The only aspect of the Pokemon games I think has aged really well is the soundtrack of the RPG's on Gameboy. It's got the same same infectiously catchy quality as Banjo Kazooie. I could go decades without hearing these tunes and I'd still remember them. In more recent Pokemon, they'll include classic music, but they change all the instrumentation so it sounds more modern. I think it loses something in translation. Something about those otherworldly, machine-generated chip tunes just makes them sound right.
The Pokemon TV Show
This is the part I remember the least distinctly. I had one VHS tape with two or three episodes on it. Sometimes I'd catch it on TV. Anyway I don't think the particulars are important because it was basically a commercial for the games and cards. Today I can see it's a dreadfully cliched shounen anime about a boy trying to be the best at whatever magical thing people do in his world, failing at it, persevering, trying again, then succeeding. See? I can't even remember anything specific, that's how bland it was.

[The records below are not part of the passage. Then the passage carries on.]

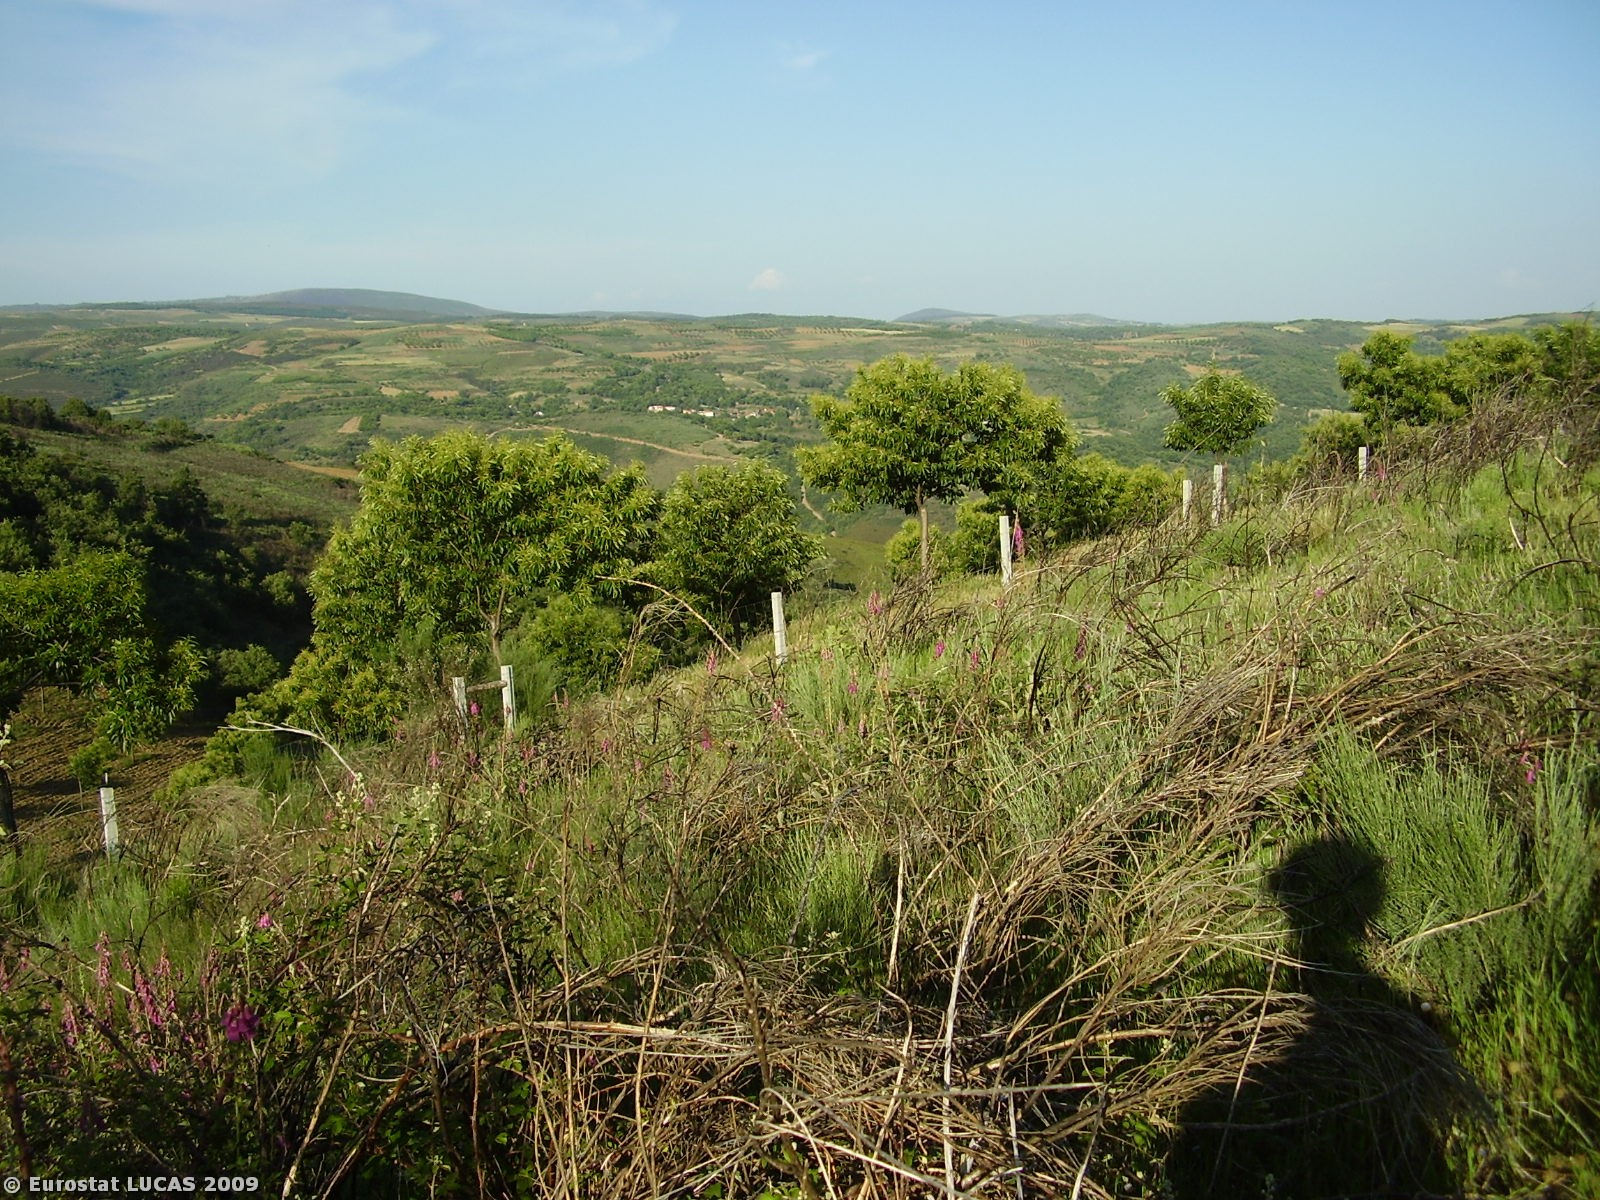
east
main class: Grassland
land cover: Spontaneously vegetated surfaces
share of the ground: > 75 %
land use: Nature reserves
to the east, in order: Spontaneously vegetated surfaces; Other structural elements; Tracks; Fences; Nuts trees; Other structural elements; Nuts trees; Other structural elements; Nuts trees; Other structural elements; Nuts trees; Other structural elements; Nuts trees; Other structural elements; Nuts trees; Other structural elements; Nuts trees; Other structural elements; Nuts trees; Other structural elements; Nuts trees; Other structural elements; Nuts trees; Other structural elements; Tracks; Other structural elements; Nuts trees; Other structural elements; Nuts trees; Other structural elements; Nuts trees; Other structural elements; Nuts trees; Other structural elements; Nuts trees; Other structural elements; Nuts trees; Fences; Shrubland with sparse tree cover
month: June
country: PT
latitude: 41.9108
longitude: -6.9619
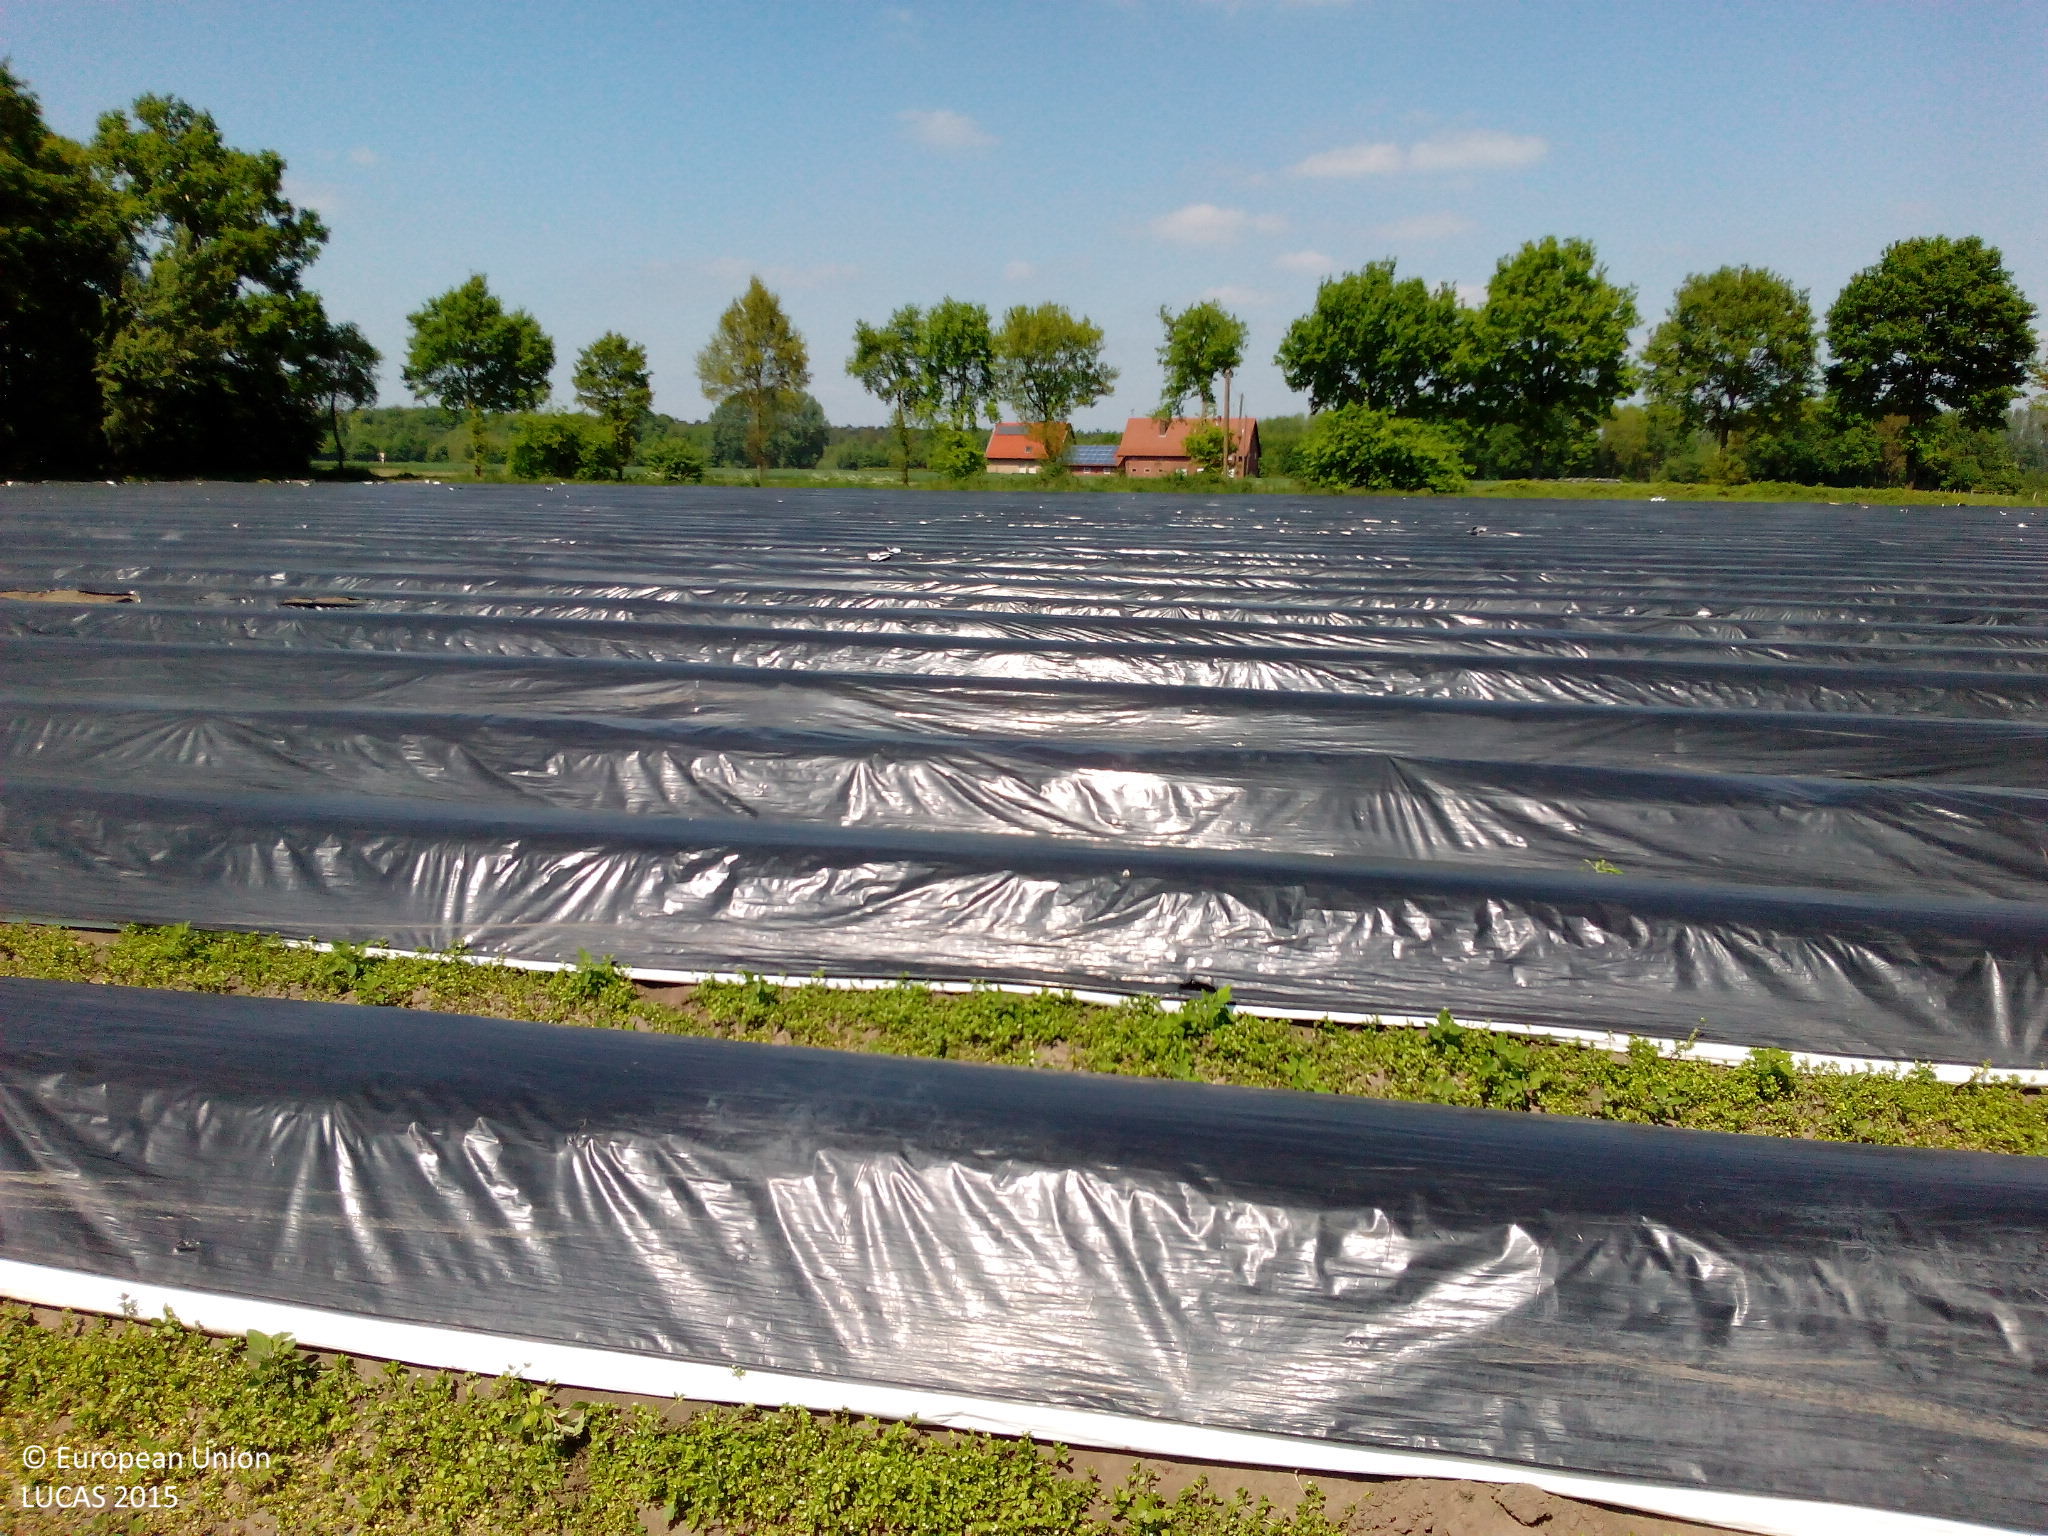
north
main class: Cropland
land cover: Other fresh vegetables
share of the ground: < 10 %
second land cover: Spontaneously vegetated surfaces
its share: 50 - 75 %
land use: Agriculture (excluding fallow land and kitchen gardens)
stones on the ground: < 10 %
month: May
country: DE
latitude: 51.9477
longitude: 8.0363
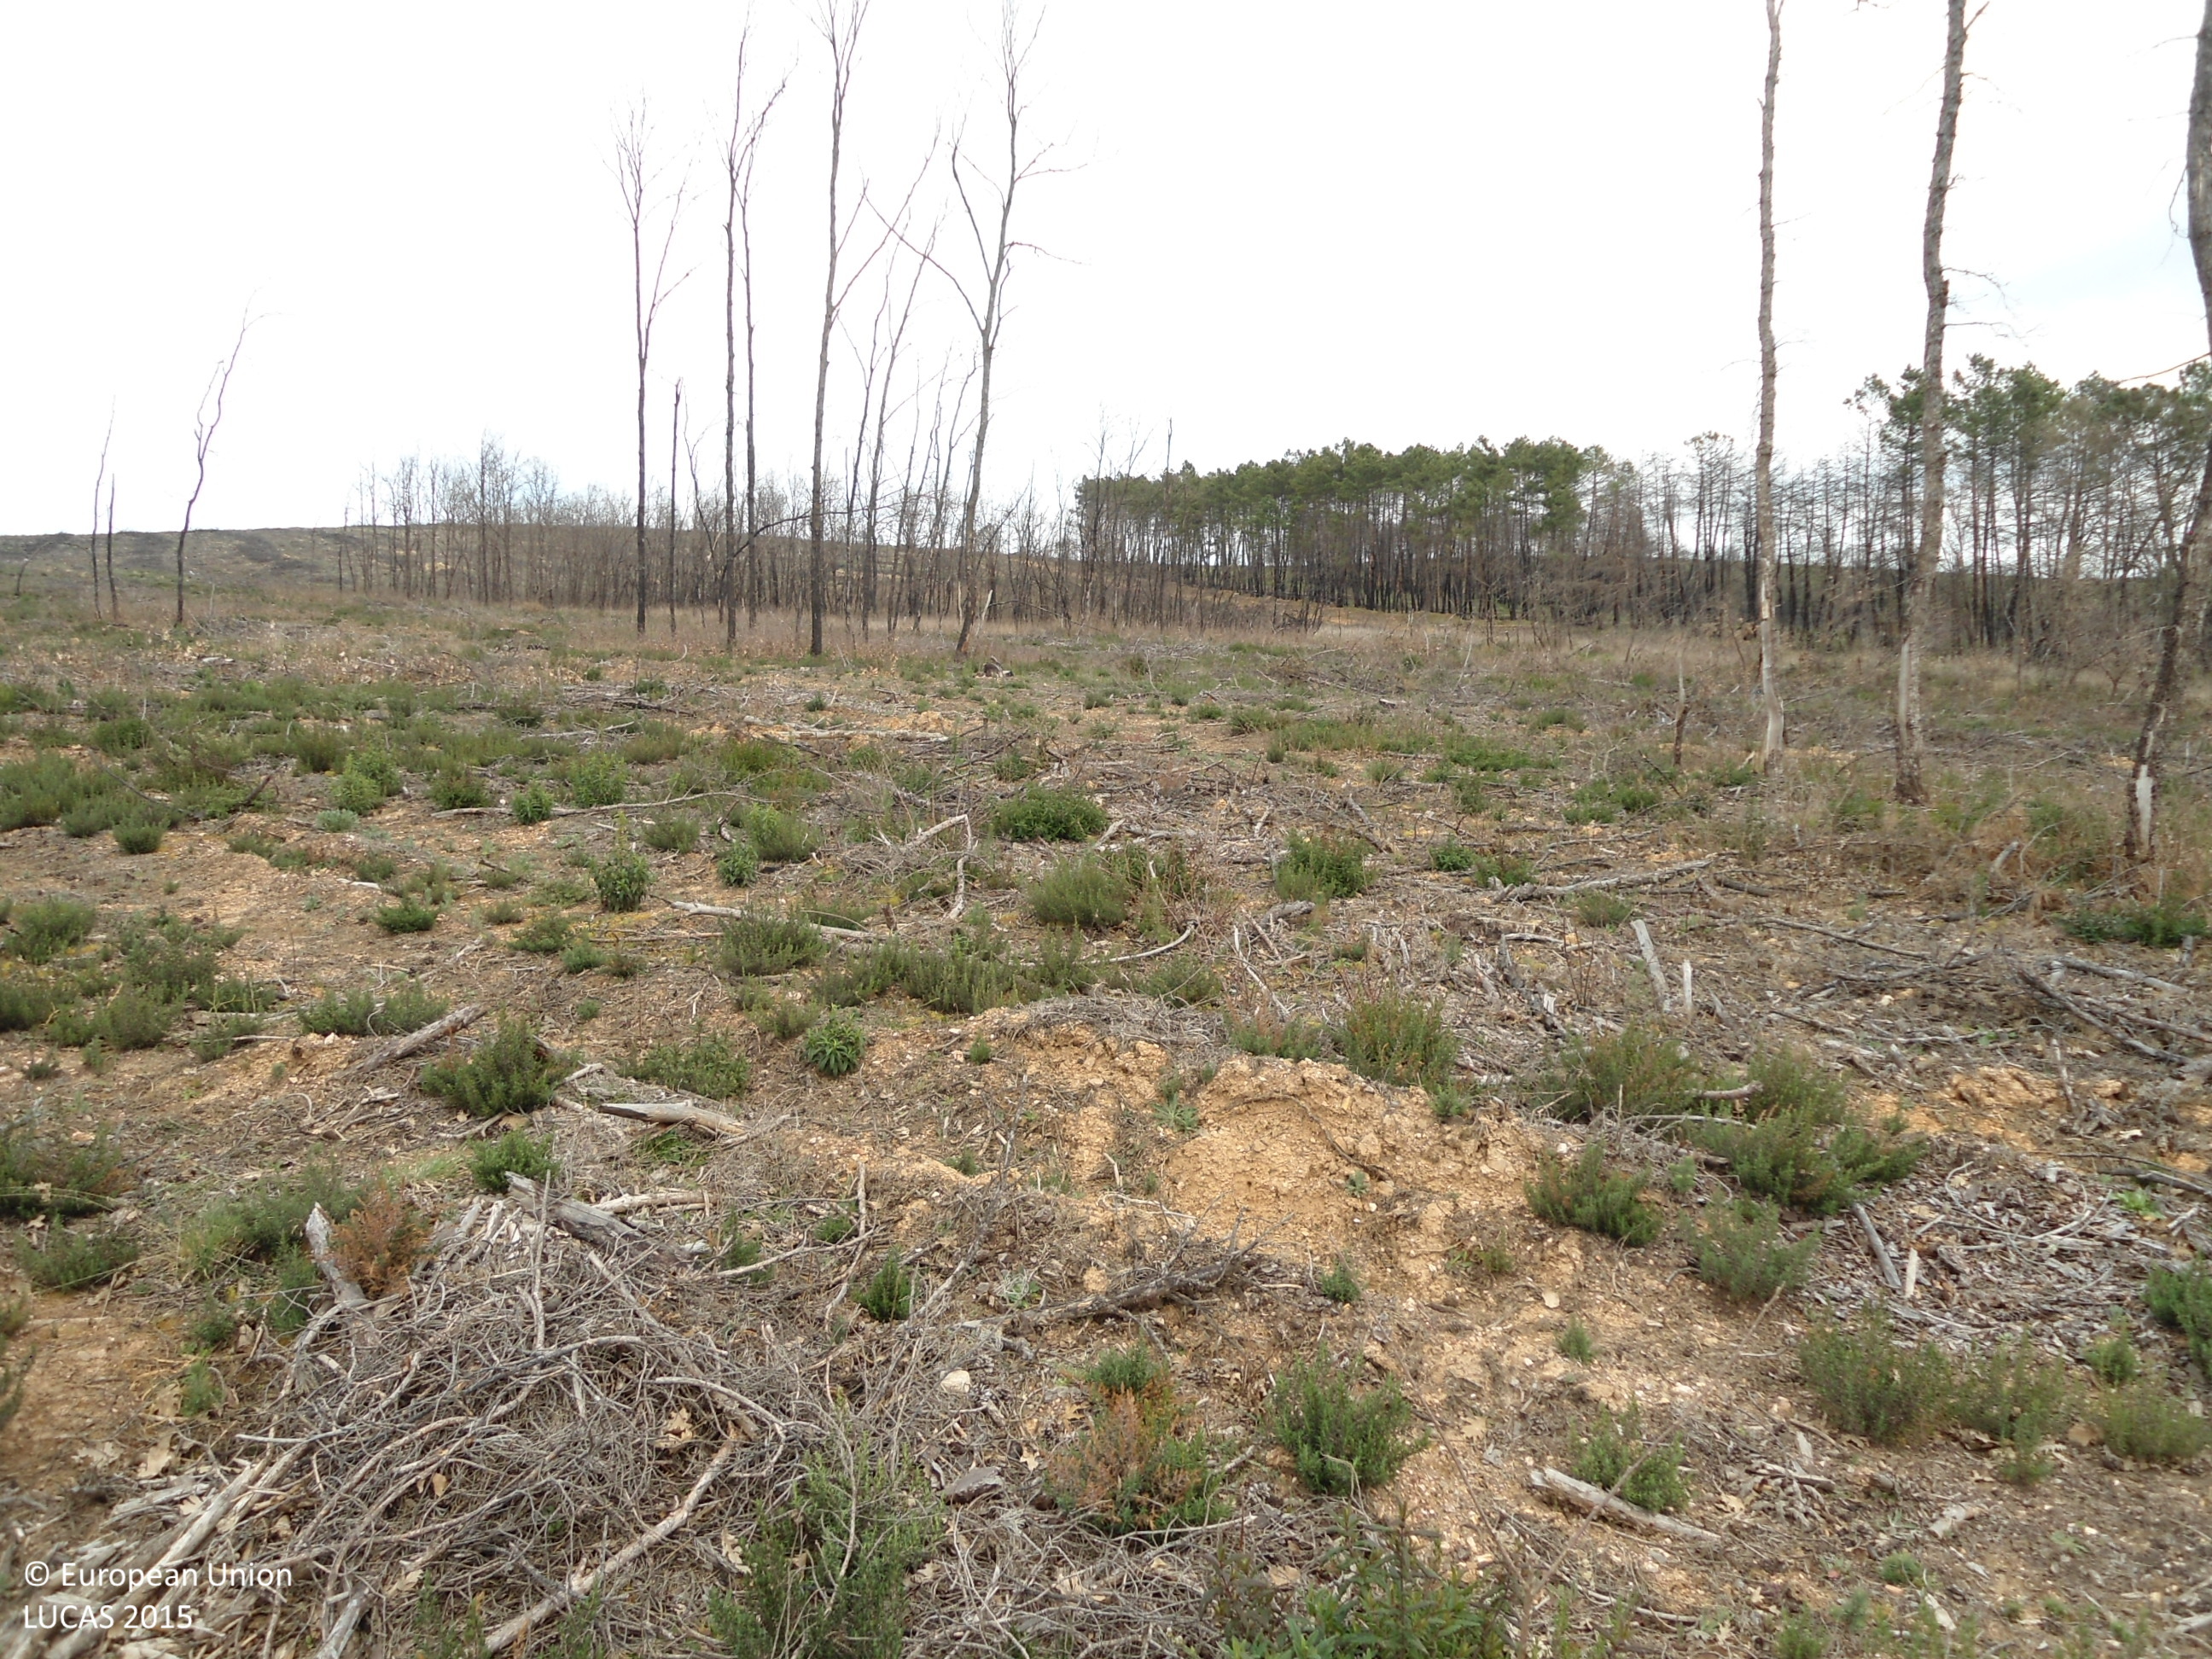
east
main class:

However, I would argue that this show pioneered something important: introducing the US to anime. Before 1998 anime wasn't widely available or talked about. I've heard stories of fans passing around bootleg, fan-subbed VHS tapes containing episodes of their favorite shows, or unwittingly running into hentai because there wasn't a rating system for any of it. But now you can just go to an ordinary retail place and buy anime DVD's and so forth. And I'm convinced Pokemon had something to do with that.
In summary, Pokemon doesn't really doesn't mean the same thing to me that it did in 4th grade. I do feel a little warm nostalgia glow from Pokemon merchandise and fan art because of how it elicits memories of simpler times, but today I can't sit down and enjoy Pokemon Blue the same way I can Zelda: Ocarina of Time. But this doesn't diminish the role Pokemon played in introducing a generation of kids to TCG's, JRPG's, and anime. I think those three things were on their way to mainstream American acceptance anyway, but that process wouldn't be as far along as it is today without Pokemon.